Assessment Report 2009

Public Affairs

February 9, 2009

L. Purdy

 

 

  1. Executive summary:

Members of the major agreed to add a writing assessment, and to delay the reasoning assessment. We also agreed to keep a closer eye on when students enroll in required courses, and to revise comps to better reflect the goals of the major. We will also work on providing assessment materials for specific courses for our next report, for courses that will be of importance for the new Philosophy and Political Science majors.

 

  1. Summary of annual assessment review and planning meeting:

Prof. Lumumba-Kasongo and I met on February 3, 2009 (11:30am to 12:15) to discuss assessing the Public Affairs major. We agreed that this would not warrant too deep inquiry in light of the fact that Public Affairs will be deleted from the curriculum as soon as current students have completed the program.

 

 

  1. Plan for upcoming year

a.              Because of our concern about students’ writing skills, we decided that the highest priority for change should be more emphasis on writing. This will be achieved by asking students declaring the Public Affairs major to submit their best paper so far. Faculty will read it, and ask those who submitted weak papers (below B level) to take at least one course emphasizing writing and to take their paper to the Writing Center for advice about revising the paper to at least the B level. The revised paper is to be submitted at the end of the junior year. If it is still not satisfactory, the student will be asked to work more on it over the summer and resubmit at the beginning of fall semester.
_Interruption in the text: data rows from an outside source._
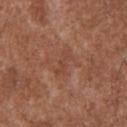<tbp_lesion>
<patient>
  <sex>male</sex>
  <age_approx>45</age_approx>
</patient>
<lighting>white-light</lighting>
<automated_metrics>
  <cielab_L>44</cielab_L>
  <cielab_a>23</cielab_a>
  <cielab_b>29</cielab_b>
  <vs_skin_darker_L>6.0</vs_skin_darker_L>
  <vs_skin_contrast_norm>4.5</vs_skin_contrast_norm>
  <nevus_likeness_0_100>0</nevus_likeness_0_100>
  <lesion_detection_confidence_0_100>100</lesion_detection_confidence_0_100>
</automated_metrics>
<image>
  <source>total-body photography crop</source>
  <field_of_view_mm>15</field_of_view_mm>
</image>
<site>upper back</site>
</tbp_lesion>
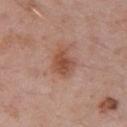<record>
  <biopsy_status>not biopsied; imaged during a skin examination</biopsy_status>
  <lighting>white-light</lighting>
  <image>
    <source>total-body photography crop</source>
    <field_of_view_mm>15</field_of_view_mm>
  </image>
  <lesion_size>
    <long_diameter_mm_approx>3.5</long_diameter_mm_approx>
  </lesion_size>
  <site>right upper arm</site>
  <automated_metrics>
    <border_irregularity_0_10>2.5</border_irregularity_0_10>
    <color_variation_0_10>3.5</color_variation_0_10>
    <peripheral_color_asymmetry>1.0</peripheral_color_asymmetry>
    <lesion_detection_confidence_0_100>100</lesion_detection_confidence_0_100>
  </automated_metrics>
  <patient>
    <sex>male</sex>
    <age_approx>55</age_approx>
  </patient>
</record>
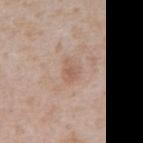No biopsy was performed on this lesion — it was imaged during a full skin examination and was not determined to be concerning.
Longest diameter approximately 2.5 mm.
The lesion is located on the abdomen.
Captured under white-light illumination.
Cropped from a whole-body photographic skin survey; the tile spans about 15 mm.
A male patient aged 63–67.
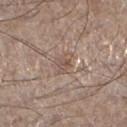biopsy status: imaged on a skin check; not biopsied
imaging modality: 15 mm crop, total-body photography
subject: male, about 60 years old
site: the left lower leg
lesion diameter: ≈3 mm
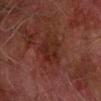Q: Was a biopsy performed?
A: catalogued during a skin exam; not biopsied
Q: Automated lesion metrics?
A: a border-irregularity rating of about 3/10, internal color variation of about 3.5 on a 0–10 scale, and peripheral color asymmetry of about 1; an automated nevus-likeness rating near 5 out of 100
Q: What is the imaging modality?
A: total-body-photography crop, ~15 mm field of view
Q: What is the lesion's diameter?
A: about 4 mm
Q: Patient demographics?
A: male, aged around 75
Q: How was the tile lit?
A: cross-polarized illumination
Q: What is the anatomic site?
A: the right forearm
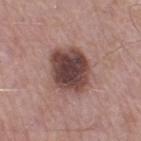Impression: Captured during whole-body skin photography for melanoma surveillance; the lesion was not biopsied. Background: The subject is a male aged 53 to 57. A close-up tile cropped from a whole-body skin photograph, about 15 mm across. Automated tile analysis of the lesion measured a shape eccentricity near 0.55 and a shape-asymmetry score of about 0.1 (0 = symmetric). The software also gave border irregularity of about 1.5 on a 0–10 scale, a color-variation rating of about 5.5/10, and peripheral color asymmetry of about 1.5. Approximately 5.5 mm at its widest. The lesion is on the right thigh. Captured under white-light illumination.
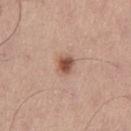lighting: white-light
automated lesion analysis: a lesion area of about 5 mm², an outline eccentricity of about 0.55 (0 = round, 1 = elongated), and a symmetry-axis asymmetry near 0.2; a mean CIELAB color near L≈54 a*≈21 b*≈28; a border-irregularity index near 2/10, internal color variation of about 4.5 on a 0–10 scale, and peripheral color asymmetry of about 1; an automated nevus-likeness rating near 95 out of 100 and a detector confidence of about 100 out of 100 that the crop contains a lesion
subject: male, aged 58–62
body site: the leg
acquisition: total-body-photography crop, ~15 mm field of view
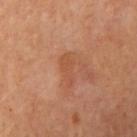Imaged during a routine full-body skin examination; the lesion was not biopsied and no histopathology is available. The lesion is located on the right upper arm. A female subject, aged around 70. A region of skin cropped from a whole-body photographic capture, roughly 15 mm wide. Measured at roughly 3.5 mm in maximum diameter. Captured under cross-polarized illumination.
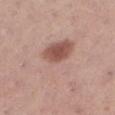Q: Was a biopsy performed?
A: imaged on a skin check; not biopsied
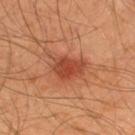follow-up: catalogued during a skin exam; not biopsied | acquisition: ~15 mm crop, total-body skin-cancer survey | patient: male, aged around 45 | size: ≈5 mm | site: the upper back.
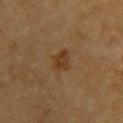<case>
  <biopsy_status>not biopsied; imaged during a skin examination</biopsy_status>
  <lesion_size>
    <long_diameter_mm_approx>2.5</long_diameter_mm_approx>
  </lesion_size>
  <automated_metrics>
    <vs_skin_contrast_norm>7.5</vs_skin_contrast_norm>
  </automated_metrics>
  <site>upper back</site>
  <image>
    <source>total-body photography crop</source>
    <field_of_view_mm>15</field_of_view_mm>
  </image>
  <patient>
    <sex>male</sex>
    <age_approx>85+</age_approx>
  </patient>
  <lighting>cross-polarized</lighting>
</case>
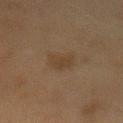Assessment:
This lesion was catalogued during total-body skin photography and was not selected for biopsy.
Clinical summary:
Cropped from a whole-body photographic skin survey; the tile spans about 15 mm. A female subject aged around 50. Captured under cross-polarized illumination. Approximately 3 mm at its widest. The lesion is located on the chest.
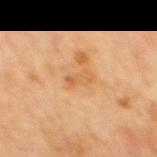Assessment:
The lesion was photographed on a routine skin check and not biopsied; there is no pathology result.
Acquisition and patient details:
Located on the mid back. The patient is a male aged 63 to 67. The lesion's longest dimension is about 3 mm. Captured under cross-polarized illumination. A 15 mm close-up extracted from a 3D total-body photography capture.
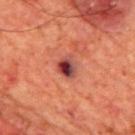workup = catalogued during a skin exam; not biopsied
image source = ~15 mm crop, total-body skin-cancer survey
anatomic site = the mid back
patient = male, roughly 65 years of age
lesion size = ~3 mm (longest diameter)
tile lighting = cross-polarized illumination

We may implement the reasoning assessment in a future year, depending on how long the major remains in existence.

b.              Significant numbers of students are enrolling “behind schedule” (according to our 2007 assessment plan) for key courses and/or earning less than B’s. We will concentrate on better advising to keep them on schedule, although to some extent this issue is beyond our control because transfer students often come in already behind. We are not sure what to do about poor grades as we do not control who enters the major.

c.              To encourage our seniors to think more broadly and globally about government and policy, and to utilize the tools they have acquired in various courses, we completely revamped the Comprehensive Examination. The questions now emphasize the application of what they have learned, rather than asking so many questions about past coursework. A copy of the new Comps is appended to this document.

d.             For our next assessment report, we will add examples of assessment measures for particular courses that will continue to exist once Public Affairs has been deleted.

 

  1. Updated assessment plan

See appended document.

 

  1. Data summary

Data came from gradesheets for relevant courses, course syllabi, and informal assessment of current seniors’ achievement in PUBL 401.